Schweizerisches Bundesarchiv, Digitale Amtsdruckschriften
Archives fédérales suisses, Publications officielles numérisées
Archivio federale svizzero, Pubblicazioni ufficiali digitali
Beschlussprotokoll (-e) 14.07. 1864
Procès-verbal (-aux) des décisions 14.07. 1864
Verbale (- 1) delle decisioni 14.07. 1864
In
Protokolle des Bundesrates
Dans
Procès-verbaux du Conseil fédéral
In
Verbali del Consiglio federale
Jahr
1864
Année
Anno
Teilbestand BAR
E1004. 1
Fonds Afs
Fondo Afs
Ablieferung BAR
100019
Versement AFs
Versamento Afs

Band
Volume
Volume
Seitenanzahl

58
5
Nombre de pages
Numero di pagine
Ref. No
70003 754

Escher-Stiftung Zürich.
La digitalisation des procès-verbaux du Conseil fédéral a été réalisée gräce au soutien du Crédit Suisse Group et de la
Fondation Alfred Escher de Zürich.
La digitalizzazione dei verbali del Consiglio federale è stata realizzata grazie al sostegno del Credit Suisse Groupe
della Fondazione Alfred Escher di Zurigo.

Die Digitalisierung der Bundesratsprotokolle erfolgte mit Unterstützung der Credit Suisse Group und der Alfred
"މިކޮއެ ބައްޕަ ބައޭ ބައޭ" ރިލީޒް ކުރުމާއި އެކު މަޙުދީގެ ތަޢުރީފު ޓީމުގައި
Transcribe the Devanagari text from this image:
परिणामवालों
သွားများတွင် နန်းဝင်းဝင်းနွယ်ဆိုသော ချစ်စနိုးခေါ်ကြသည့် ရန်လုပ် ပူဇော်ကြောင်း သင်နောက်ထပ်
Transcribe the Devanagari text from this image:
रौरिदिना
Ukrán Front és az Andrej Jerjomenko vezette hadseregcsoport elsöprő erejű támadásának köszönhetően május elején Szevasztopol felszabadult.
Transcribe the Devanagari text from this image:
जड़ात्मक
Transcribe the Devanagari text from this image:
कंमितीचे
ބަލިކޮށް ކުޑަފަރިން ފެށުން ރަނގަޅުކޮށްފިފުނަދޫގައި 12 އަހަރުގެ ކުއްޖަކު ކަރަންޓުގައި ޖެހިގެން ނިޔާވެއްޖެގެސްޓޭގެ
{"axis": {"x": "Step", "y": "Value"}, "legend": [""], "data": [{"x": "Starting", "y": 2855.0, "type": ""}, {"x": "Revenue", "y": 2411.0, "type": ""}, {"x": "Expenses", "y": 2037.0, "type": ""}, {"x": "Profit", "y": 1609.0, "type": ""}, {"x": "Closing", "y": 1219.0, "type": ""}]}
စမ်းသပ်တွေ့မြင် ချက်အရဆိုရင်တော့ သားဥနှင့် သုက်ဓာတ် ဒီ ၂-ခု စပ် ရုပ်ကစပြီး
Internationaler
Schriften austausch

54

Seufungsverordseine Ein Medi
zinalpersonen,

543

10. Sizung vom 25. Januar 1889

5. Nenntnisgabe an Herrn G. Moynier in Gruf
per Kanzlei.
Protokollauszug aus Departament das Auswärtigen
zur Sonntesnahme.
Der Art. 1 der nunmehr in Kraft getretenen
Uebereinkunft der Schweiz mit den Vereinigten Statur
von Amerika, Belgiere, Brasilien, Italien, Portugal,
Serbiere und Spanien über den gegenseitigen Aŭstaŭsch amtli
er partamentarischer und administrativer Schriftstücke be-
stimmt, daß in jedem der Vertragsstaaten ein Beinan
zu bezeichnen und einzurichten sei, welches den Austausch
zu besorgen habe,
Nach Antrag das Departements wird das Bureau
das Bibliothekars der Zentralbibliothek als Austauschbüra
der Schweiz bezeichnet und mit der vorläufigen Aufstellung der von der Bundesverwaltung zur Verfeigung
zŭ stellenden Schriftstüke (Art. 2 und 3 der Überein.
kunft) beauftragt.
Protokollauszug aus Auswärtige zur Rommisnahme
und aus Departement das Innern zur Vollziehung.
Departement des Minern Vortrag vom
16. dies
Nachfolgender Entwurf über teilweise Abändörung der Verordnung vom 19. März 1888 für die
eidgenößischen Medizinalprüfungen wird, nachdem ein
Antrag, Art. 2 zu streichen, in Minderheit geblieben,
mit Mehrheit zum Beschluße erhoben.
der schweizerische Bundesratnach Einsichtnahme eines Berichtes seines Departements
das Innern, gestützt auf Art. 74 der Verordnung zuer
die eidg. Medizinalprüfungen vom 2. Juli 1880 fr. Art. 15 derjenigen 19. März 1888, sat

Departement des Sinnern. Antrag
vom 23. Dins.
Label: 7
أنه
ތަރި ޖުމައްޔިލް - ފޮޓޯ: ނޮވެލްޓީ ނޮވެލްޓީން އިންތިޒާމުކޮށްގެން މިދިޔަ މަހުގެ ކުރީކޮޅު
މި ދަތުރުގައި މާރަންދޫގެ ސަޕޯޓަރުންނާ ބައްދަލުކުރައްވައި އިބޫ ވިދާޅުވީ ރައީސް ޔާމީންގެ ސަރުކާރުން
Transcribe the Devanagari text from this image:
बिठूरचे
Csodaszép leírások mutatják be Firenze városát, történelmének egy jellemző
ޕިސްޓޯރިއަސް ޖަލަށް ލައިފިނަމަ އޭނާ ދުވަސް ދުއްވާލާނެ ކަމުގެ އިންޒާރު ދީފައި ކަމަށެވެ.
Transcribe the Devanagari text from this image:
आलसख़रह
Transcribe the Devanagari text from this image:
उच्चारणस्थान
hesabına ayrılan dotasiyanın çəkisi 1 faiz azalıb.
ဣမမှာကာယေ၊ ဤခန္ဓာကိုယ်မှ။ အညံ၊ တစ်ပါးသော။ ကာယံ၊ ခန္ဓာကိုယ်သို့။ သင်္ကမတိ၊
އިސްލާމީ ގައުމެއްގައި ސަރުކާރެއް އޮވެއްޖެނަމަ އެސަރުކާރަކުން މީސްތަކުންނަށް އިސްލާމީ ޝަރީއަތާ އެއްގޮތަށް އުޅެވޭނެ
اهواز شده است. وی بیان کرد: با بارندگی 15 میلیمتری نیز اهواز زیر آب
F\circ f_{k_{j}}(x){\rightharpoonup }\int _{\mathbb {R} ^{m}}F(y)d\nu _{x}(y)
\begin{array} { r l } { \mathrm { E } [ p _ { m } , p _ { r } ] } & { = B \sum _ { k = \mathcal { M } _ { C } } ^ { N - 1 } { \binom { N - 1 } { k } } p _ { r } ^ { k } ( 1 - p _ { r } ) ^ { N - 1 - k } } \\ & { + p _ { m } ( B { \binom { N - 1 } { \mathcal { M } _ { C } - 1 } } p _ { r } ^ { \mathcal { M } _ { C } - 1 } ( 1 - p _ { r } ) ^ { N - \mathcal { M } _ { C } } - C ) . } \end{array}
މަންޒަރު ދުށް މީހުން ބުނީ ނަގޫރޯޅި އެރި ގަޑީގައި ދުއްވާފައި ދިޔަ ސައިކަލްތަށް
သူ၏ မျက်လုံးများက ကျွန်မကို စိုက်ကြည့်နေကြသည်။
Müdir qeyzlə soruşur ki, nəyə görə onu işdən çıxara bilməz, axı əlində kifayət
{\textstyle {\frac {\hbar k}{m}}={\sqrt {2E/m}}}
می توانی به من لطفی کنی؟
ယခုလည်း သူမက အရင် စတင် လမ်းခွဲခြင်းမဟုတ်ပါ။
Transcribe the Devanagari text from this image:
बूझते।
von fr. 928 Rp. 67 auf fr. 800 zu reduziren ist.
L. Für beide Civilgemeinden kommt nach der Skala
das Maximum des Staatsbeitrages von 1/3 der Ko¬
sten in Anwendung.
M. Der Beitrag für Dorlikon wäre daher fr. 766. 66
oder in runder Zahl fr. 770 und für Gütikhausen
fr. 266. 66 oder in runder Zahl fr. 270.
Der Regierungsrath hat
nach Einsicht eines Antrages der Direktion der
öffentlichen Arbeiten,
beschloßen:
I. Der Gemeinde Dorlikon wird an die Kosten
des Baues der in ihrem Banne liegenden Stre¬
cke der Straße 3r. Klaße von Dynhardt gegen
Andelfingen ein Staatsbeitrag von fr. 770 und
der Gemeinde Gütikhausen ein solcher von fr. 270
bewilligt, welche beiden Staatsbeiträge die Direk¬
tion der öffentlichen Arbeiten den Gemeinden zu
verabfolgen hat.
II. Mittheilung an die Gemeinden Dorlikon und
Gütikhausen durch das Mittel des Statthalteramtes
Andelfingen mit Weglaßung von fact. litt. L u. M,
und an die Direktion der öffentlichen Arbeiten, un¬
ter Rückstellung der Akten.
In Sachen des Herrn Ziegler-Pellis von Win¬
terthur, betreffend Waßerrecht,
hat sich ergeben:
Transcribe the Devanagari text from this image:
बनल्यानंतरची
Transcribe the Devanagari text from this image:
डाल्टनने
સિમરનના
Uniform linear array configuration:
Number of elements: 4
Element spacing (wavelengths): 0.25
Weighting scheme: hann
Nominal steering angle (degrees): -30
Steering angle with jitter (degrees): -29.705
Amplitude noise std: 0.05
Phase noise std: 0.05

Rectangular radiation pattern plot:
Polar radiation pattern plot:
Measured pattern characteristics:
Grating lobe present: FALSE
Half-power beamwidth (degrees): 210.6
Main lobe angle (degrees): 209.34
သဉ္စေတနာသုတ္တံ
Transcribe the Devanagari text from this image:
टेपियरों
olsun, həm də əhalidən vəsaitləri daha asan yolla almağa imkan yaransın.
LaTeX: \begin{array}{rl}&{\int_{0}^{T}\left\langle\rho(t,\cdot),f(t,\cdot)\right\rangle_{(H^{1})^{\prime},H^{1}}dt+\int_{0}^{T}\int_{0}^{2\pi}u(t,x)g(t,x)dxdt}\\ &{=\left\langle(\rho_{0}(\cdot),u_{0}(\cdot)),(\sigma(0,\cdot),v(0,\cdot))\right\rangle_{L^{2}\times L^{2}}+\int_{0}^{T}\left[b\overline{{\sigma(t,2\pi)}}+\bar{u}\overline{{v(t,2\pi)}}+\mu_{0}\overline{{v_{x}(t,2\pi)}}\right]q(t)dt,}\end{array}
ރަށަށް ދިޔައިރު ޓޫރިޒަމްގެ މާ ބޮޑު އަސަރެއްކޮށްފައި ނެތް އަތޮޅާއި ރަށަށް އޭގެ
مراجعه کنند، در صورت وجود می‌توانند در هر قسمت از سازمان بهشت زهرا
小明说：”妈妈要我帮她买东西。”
------------------------
● **EXERCISE AIM**: Your reply must contain exactly the lines from the first line of the data through the line holding "Procès-verbal (-aux) des", and nothing more.

● **ANSWER TO THIS PROBLEM**:
Schweizerisches Bundesarchiv, Digitale Amtsdruckschriften
Archives fédérales suisses, Publications officielles numérisées
Archivio federale svizzero, Pubblicazioni ufficiali digitali
Beschlussprotokoll (-e) 14.07. 1864
Procès-verbal (-aux) des décisions 14.07. 1864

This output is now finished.